▸ **Work instruction**
Omit every picture, then return the listing verbatim.

▸ **Dataset excerpt**
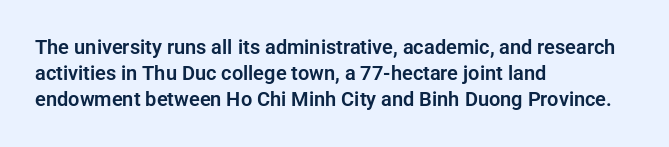
{"italic": "no", "underline": "no", "align": "left", "line_spacing": "normal", "line_spacing_ratio": 1.31, "letter_spacing": "normal", "letter_spacing_em": 0.0, "glyph_px": 20}
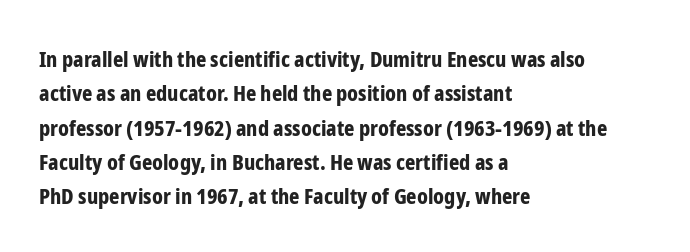
{"italic": "no", "bold": "yes", "underline": "no", "align": "left", "line_spacing": "normal", "line_spacing_ratio": 1.56, "letter_spacing": "normal", "letter_spacing_em": 0.0, "glyph_px": 22}
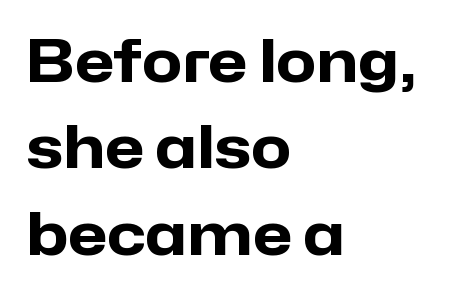
{"serif": "no", "italic": "no", "bold": "yes", "weight": "heavy", "width": "normal", "stroke_contrast": "low", "x_height": "medium", "monospaced": "no", "underline": "no", "align": "left", "line_spacing": "normal", "line_spacing_ratio": 1.49, "letter_spacing": "normal", "letter_spacing_em": 0.0, "glyph_px": 58}
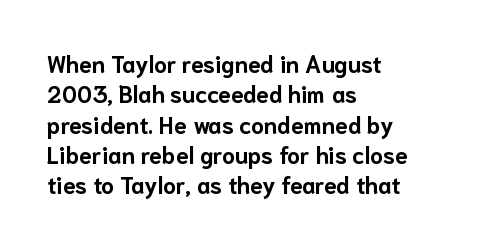
{"italic": "no", "bold": "yes", "underline": "no", "align": "left", "line_spacing": "normal", "line_spacing_ratio": 1.32, "letter_spacing": "normal", "letter_spacing_em": 0.0, "glyph_px": 23}

▸ **Response**
{"italic": "no", "underline": "no", "align": "left", "line_spacing": "normal", "line_spacing_ratio": 1.31, "letter_spacing": "normal", "letter_spacing_em": 0.0, "glyph_px": 20}
{"italic": "no", "bold": "yes", "underline": "no", "align": "left", "line_spacing": "normal", "line_spacing_ratio": 1.56, "letter_spacing": "normal", "letter_spacing_em": 0.0, "glyph_px": 22}
{"serif": "no", "italic": "no", "bold": "yes", "weight": "heavy", "width": "normal", "stroke_contrast": "low", "x_height": "medium", "monospaced": "no", "underline": "no", "align": "left", "line_spacing": "normal", "line_spacing_ratio": 1.49, "letter_spacing": "normal", "letter_spacing_em": 0.0, "glyph_px": 58}
{"italic": "no", "bold": "yes", "underline": "no", "align": "left", "line_spacing": "normal", "line_spacing_ratio": 1.32, "letter_spacing": "normal", "letter_spacing_em": 0.0, "glyph_px": 23}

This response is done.